DNR Conservation Officer Academy starts January 4th with 44 recruits


LANSING, MI – Forty-four potential new conservation officers will report Sunday, January 4th, 2014, in Lansing to attend the Department of Natural Resources’ conservation officer training academy.

The Michigan Commission on Law Enforcement Standards-sanctioned academy will be led by the DNR’s Law Enforcement Division training section.




The academy is funded in the DNR budget through a General Fund appropriation providing 25 new positions approved by the Legislature and Gov. Rick Snyder, nine new positions funded by the new hunting and fishing license structure, and 10 previously funded positions that are replacing officers who have recently retired or left the division.

The 44 recruits will complete a 22-week training academy that includes 14 weeks of basic police training and eight weeks of more specialized conservation officer training. There are 40 men and four women in this recruit school. Eleven of the new recruits are military veterans and two are previous law enforcement officers.

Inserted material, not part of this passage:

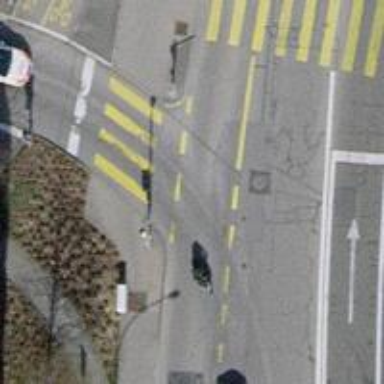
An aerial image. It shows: Road crossing with traffic signals.

DNR conservation officers serve a distinct role in Michigan’s law enforcement community. They are certified police officers with the authority to enforce all of Michigan’s criminal laws. As conservation officers, they also have unique training in a wide variety of other areas related to the protection of Michigan’s citizens and natural resources.

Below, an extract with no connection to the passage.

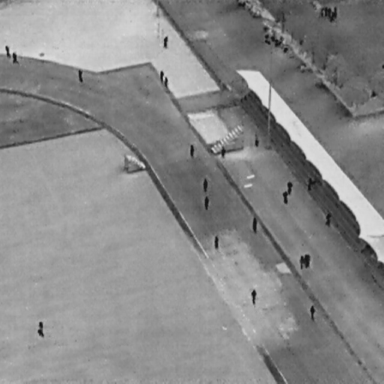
There are 21 People in the infrared image.

Increased funding for more conservation officers was a priority for the DNR in the last two state budgets. While the addition earlier this year of 23 new officers has helped address some critical vacancies around the state, there is still a need to fill additional critical positions, said Gary Hagler, chief of the DNR’s Law Enforcement Division.

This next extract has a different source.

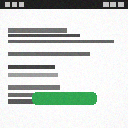
Screen state: on

“With more officers in the field, we can have more customer contact and create a safer recreational experience in Michigan. We also have been able to provide more rural policing throughout the state,” Hagler said. “While the most recent group of new officers has provided a much-needed shot in the arm, we still have important vacancies that we must address.”

Recruitment for the next class of conservation officers is ongoing, said Lt. Andrew Turner, training supervisor for the DNR’s Law Enforcement Division.

“Men and women interested in a career as a conservation officer should start the process now by taking the Michigan Civil Service exam and completing the online job application for a future academy,” Turner said.